Stored data entries:
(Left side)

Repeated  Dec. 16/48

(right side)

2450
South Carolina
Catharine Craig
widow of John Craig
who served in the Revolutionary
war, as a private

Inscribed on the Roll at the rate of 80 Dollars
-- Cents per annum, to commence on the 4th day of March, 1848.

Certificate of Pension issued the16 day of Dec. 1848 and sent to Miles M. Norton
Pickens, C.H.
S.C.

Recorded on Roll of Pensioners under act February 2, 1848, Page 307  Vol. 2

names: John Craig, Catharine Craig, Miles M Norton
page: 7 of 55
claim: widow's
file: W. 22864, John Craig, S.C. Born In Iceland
...
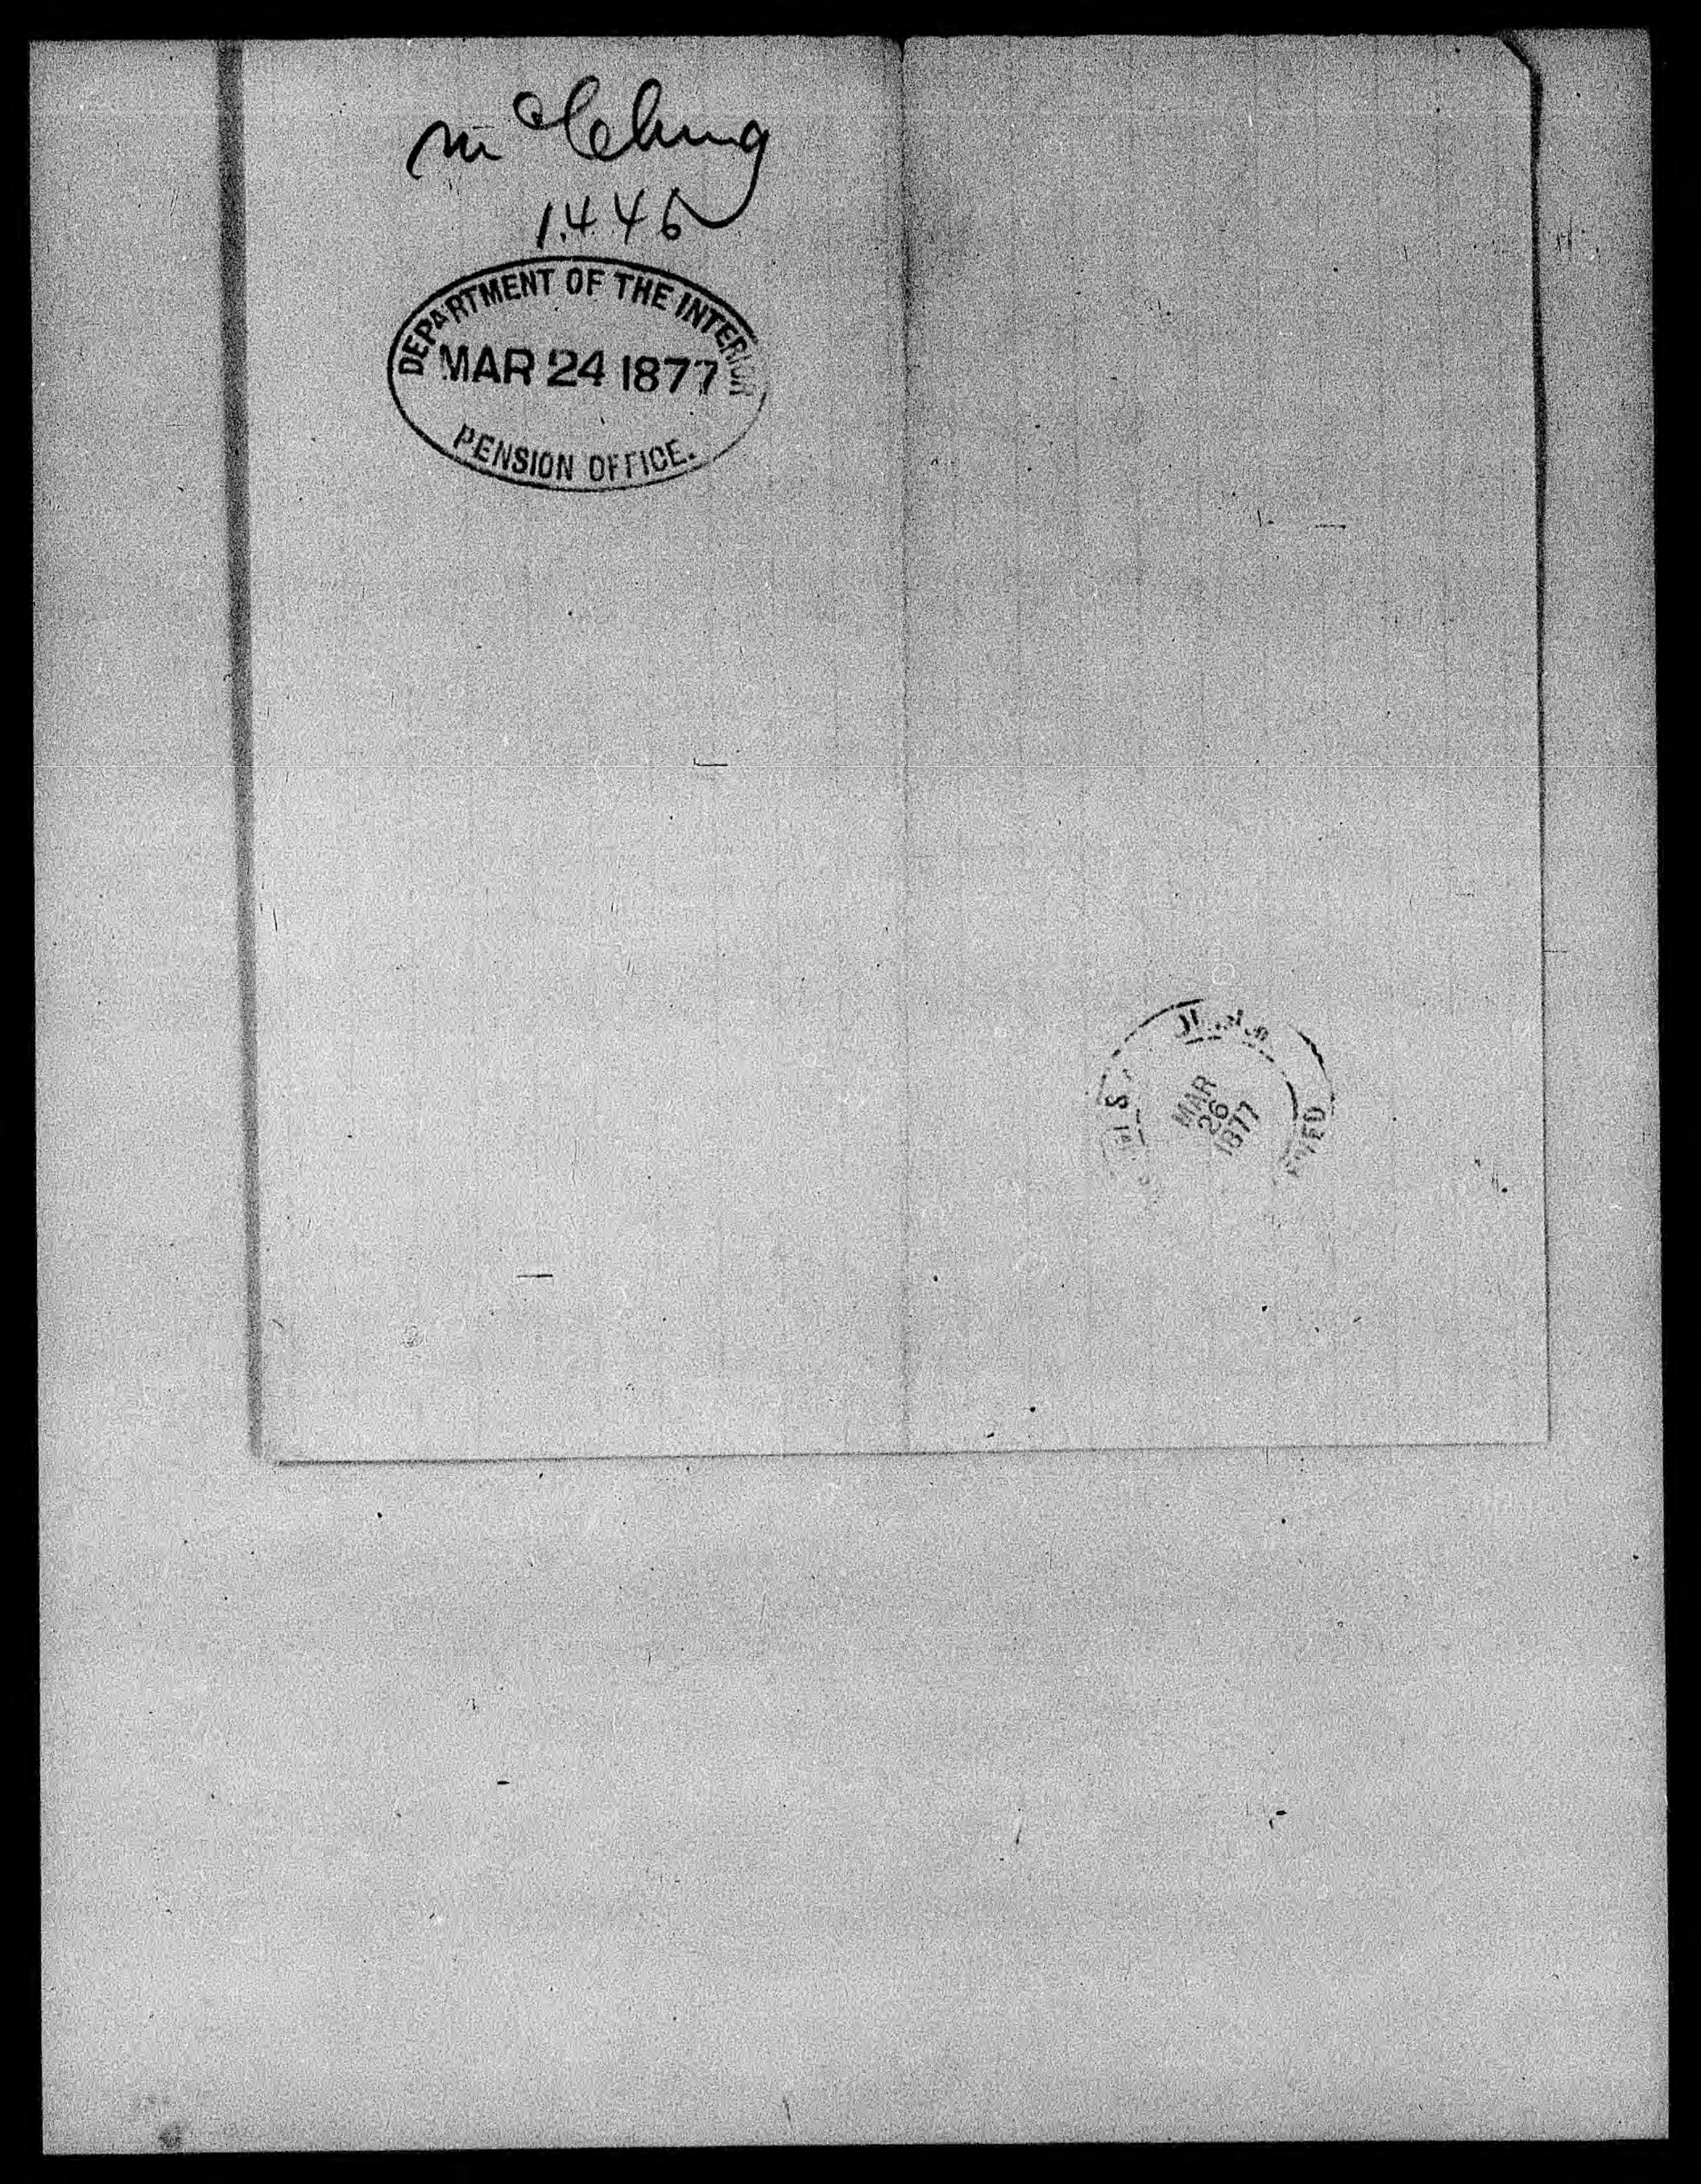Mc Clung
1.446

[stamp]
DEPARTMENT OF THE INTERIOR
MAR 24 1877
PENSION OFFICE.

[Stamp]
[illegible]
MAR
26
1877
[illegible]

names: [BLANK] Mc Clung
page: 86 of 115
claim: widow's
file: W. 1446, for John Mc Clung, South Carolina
...
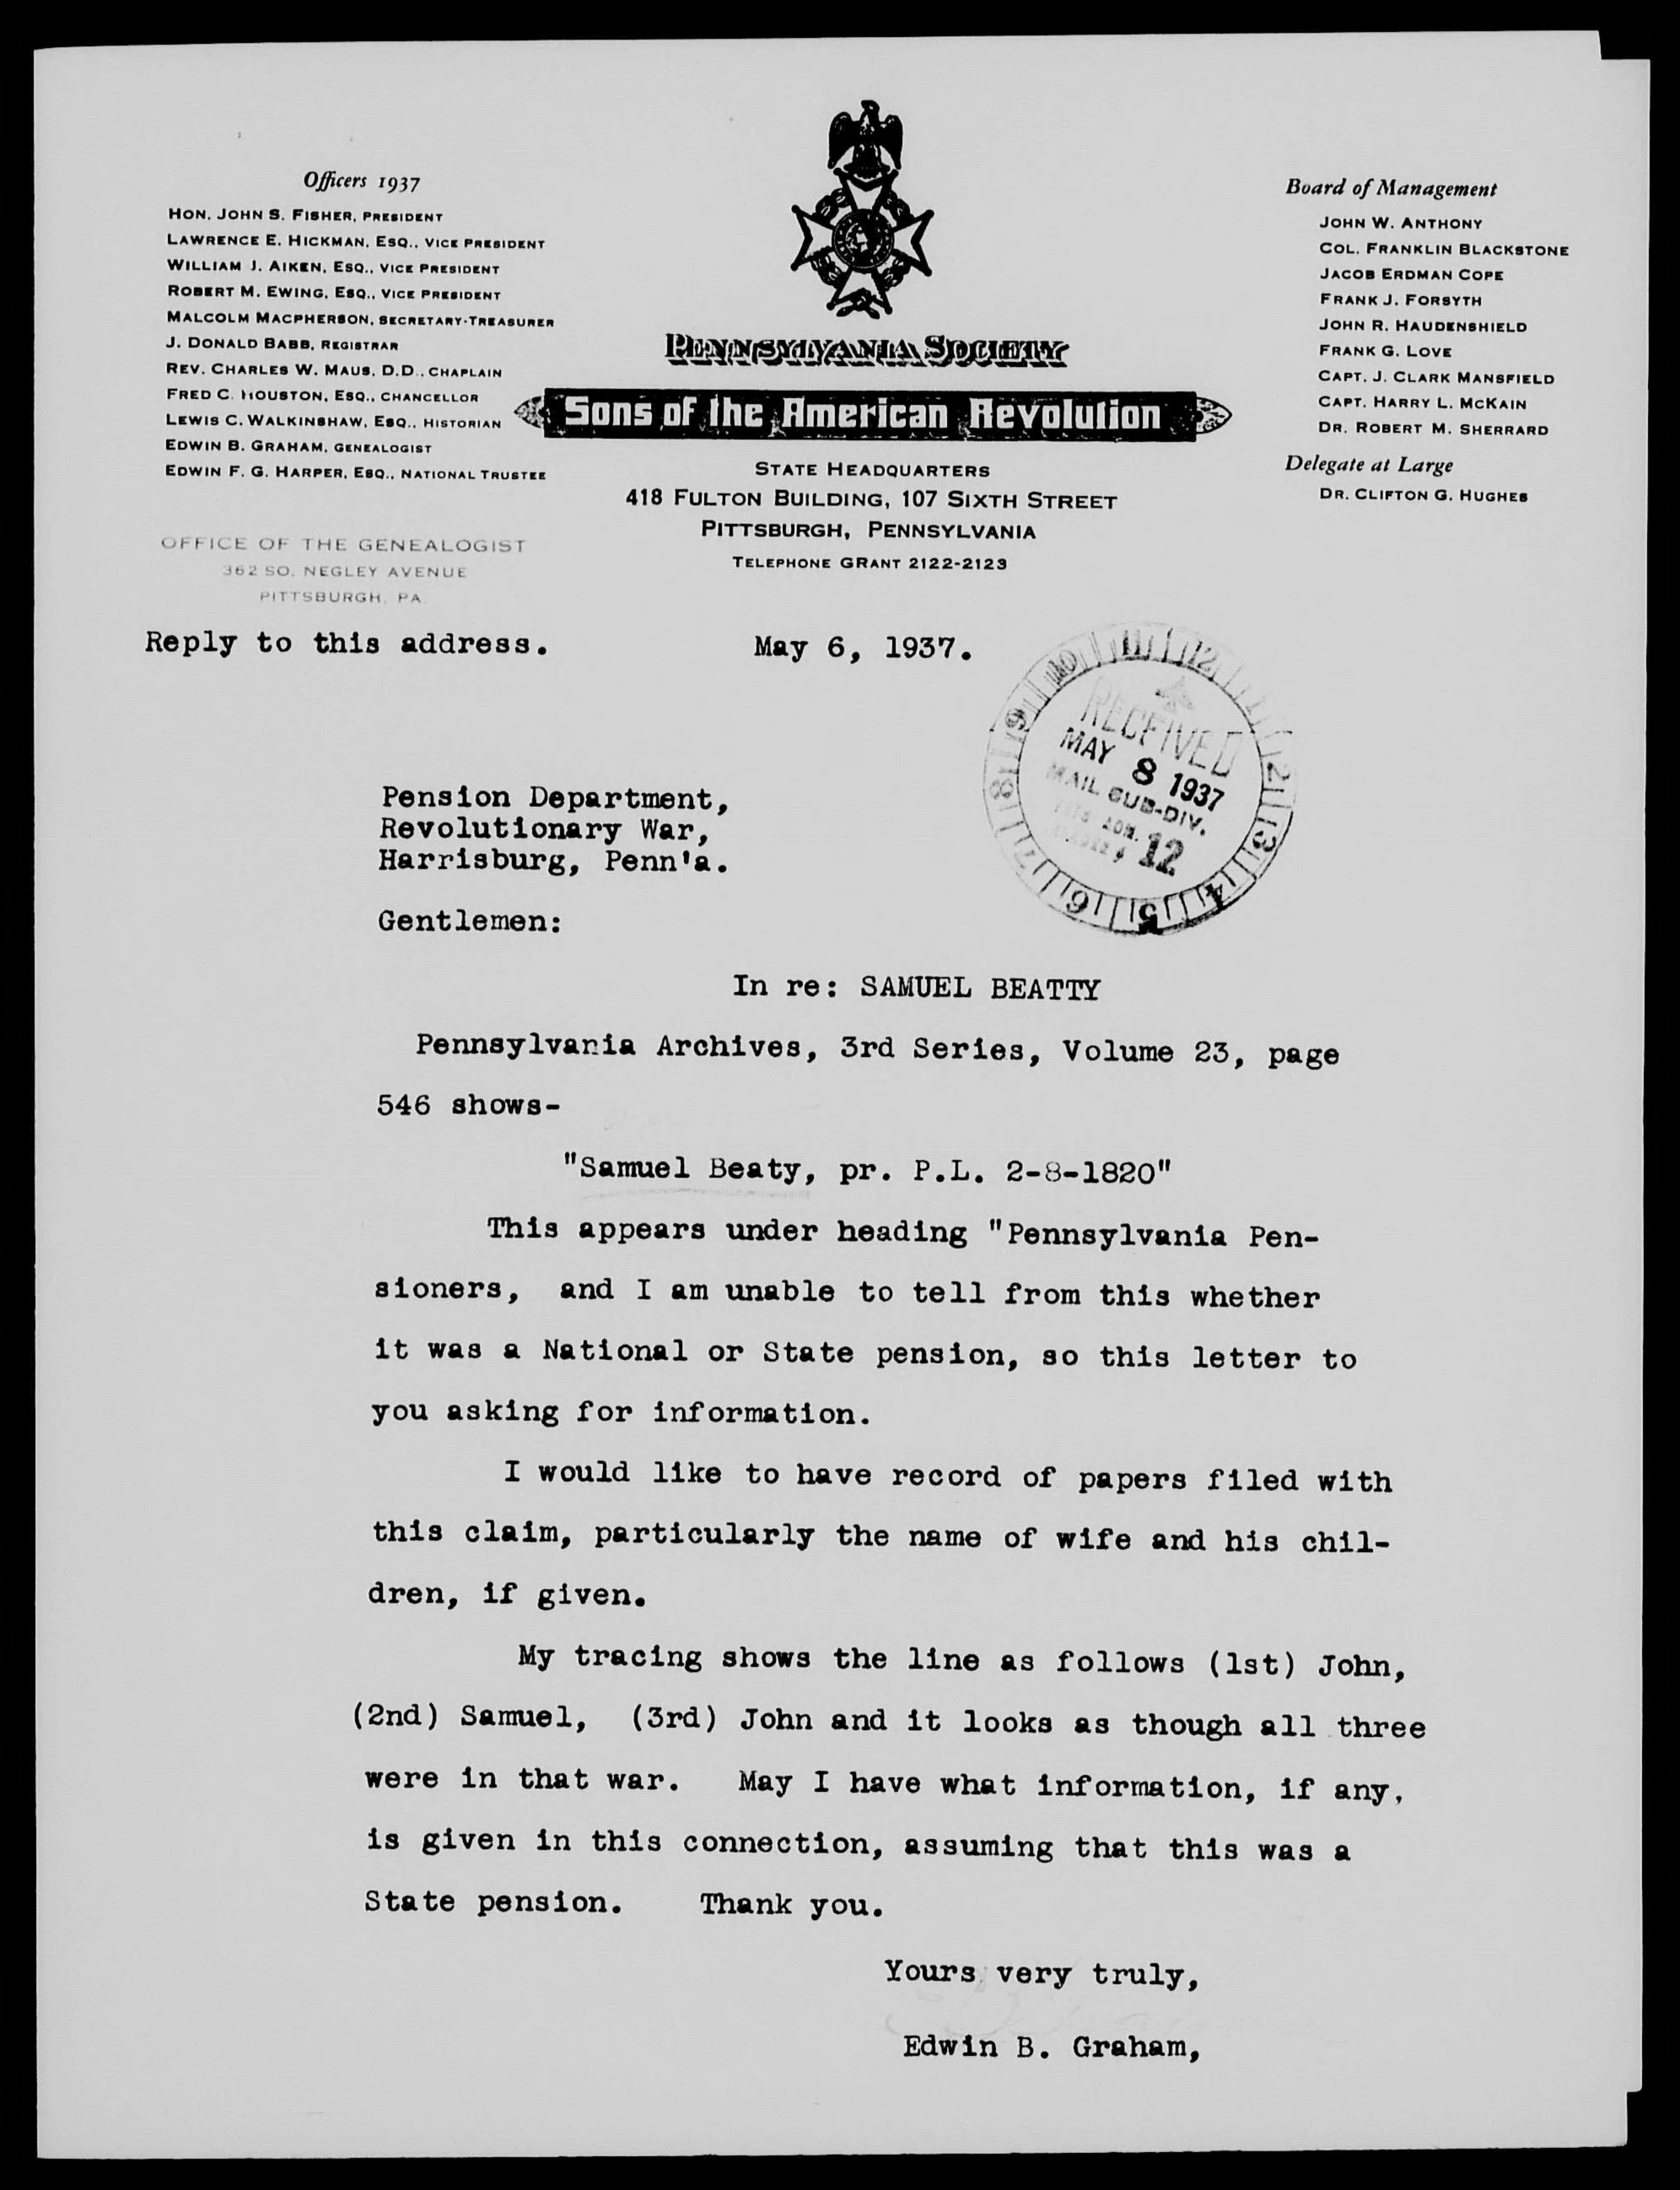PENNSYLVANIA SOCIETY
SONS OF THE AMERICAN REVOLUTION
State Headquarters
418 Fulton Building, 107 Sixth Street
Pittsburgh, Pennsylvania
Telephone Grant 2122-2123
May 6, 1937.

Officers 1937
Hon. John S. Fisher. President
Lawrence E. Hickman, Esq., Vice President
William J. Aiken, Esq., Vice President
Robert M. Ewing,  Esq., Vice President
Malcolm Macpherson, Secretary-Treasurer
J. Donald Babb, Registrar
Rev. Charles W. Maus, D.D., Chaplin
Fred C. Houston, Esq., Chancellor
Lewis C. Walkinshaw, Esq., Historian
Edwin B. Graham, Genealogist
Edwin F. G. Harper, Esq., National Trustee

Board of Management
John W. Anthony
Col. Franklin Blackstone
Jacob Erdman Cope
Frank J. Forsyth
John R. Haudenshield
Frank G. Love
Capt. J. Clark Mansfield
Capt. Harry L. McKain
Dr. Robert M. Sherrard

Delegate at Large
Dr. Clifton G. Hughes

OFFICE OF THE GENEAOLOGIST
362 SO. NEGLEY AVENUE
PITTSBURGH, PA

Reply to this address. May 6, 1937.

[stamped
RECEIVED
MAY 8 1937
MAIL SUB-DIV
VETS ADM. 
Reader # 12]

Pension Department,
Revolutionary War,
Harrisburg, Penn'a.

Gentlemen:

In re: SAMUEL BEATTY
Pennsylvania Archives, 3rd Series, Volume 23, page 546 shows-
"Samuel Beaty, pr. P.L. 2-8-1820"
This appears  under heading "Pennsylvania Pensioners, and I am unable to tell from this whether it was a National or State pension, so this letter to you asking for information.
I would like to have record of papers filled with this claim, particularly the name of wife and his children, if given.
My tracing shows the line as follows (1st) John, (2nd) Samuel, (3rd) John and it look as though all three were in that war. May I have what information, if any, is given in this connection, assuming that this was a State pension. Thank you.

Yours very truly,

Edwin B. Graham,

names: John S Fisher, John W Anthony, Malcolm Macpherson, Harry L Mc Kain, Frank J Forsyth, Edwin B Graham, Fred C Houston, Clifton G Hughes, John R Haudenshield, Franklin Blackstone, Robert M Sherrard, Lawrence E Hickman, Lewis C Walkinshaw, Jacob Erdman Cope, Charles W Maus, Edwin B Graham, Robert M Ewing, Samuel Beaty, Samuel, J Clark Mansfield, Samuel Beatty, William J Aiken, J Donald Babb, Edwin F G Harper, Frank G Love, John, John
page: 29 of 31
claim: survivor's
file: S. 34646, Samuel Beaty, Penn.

• _Problem_:
Given the records above, reproduce precisely and only the lines between the line holding "page: 29 of 31" and the line holding "file: S. 34646, Samuel Beaty, Penn.", inclusive.

• _Answer section_:
page: 29 of 31
claim: survivor's
file: S. 34646, Samuel Beaty, Penn.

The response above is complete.